Member of the Republic of Hawaii House of Representatives for the district of Lahaina, Maui
- In office 1894-1897
- Preceded by: William Pūnohu White

Personal details
- Born: c. 1836 Waimea, Hawaii Island, Hawaiian Kingdom
- Died: October 9, 1903 Lahaina, Territory of Hawaii
- Resting place: Kahoma Valley
- Party: Maui Union Party
- Spouse: (Lilia) Paʻaoʻao Poholopū Pali
- Children: 6
- Parent(s): Pali, (father) Papaua (mother)
- Occupation: Pastor, Politician

= Adam Pali =

Hawaiian pastor and politician

Adam Pali (c. 1836 - October 9, 1903) was a native Hawaiian politician and pastor of the Kingdom and Republic of Hawaii. Pali first served as pastor for Waine‘e Church before being elected as Representative of Lahaina under the government of the Republic of Hawaii.

==Early life==
Adam Pali was born in Waimea, Hawaii County, Hawaii in 1836. In 1862, He studied under Lorenzo Lyons in Kohala, Hawaii for a while before being married to Paʻaoʻao Poholopū the following year. He then served as pastor at Hanalei Church in Kaua‘i for almost a decade.

==Preaching at Lahaina==

In 1875, after Pali arrived in Lahaina, he began preaching at the nearby Waine‘e Church and was moderately known.

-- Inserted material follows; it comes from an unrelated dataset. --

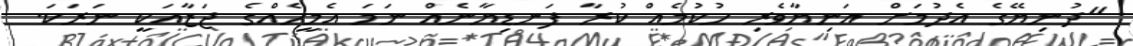
"ދުނިޔޭގެ އެދުމަށް އަނިޔާވެރި ހުކުމެއް ކުރާ ފަނޑިޔާނެއް ނަމަ އެމީހެއްގެ ޖަޒާއަކީ ނަރަކަ.

In May 1893, Pali was discovered to have signed an annexationist roll, this subsequently angered the members of Waine‘e Church, along with William Pūnohu White, who in response voted Pali out of the premises by June. Pali defended his case as the local government and Hawaiian Evangelical Association vetoed the vote against Pali, and over the course of a meeting on June 8, Pali was allowed to enter the church again, albeit with church attendance at Waine’e significantly dropping.

==Time in the Legislature==

Sometime between May 1893 and October 1894, Pali was elected Representative of Lahaina. On May 30, 1893, he was appointed Commissioner of Private Ways and Rights of the district of Lahaina. An election held in October of 1894 saw Pali running for Representative of Lahaina under the Maui Union Party. Pali left the legislature sometime between 1897 and 1898.

Adam Pali died on October 9, 1903 of an illness in Lahaina, Maui.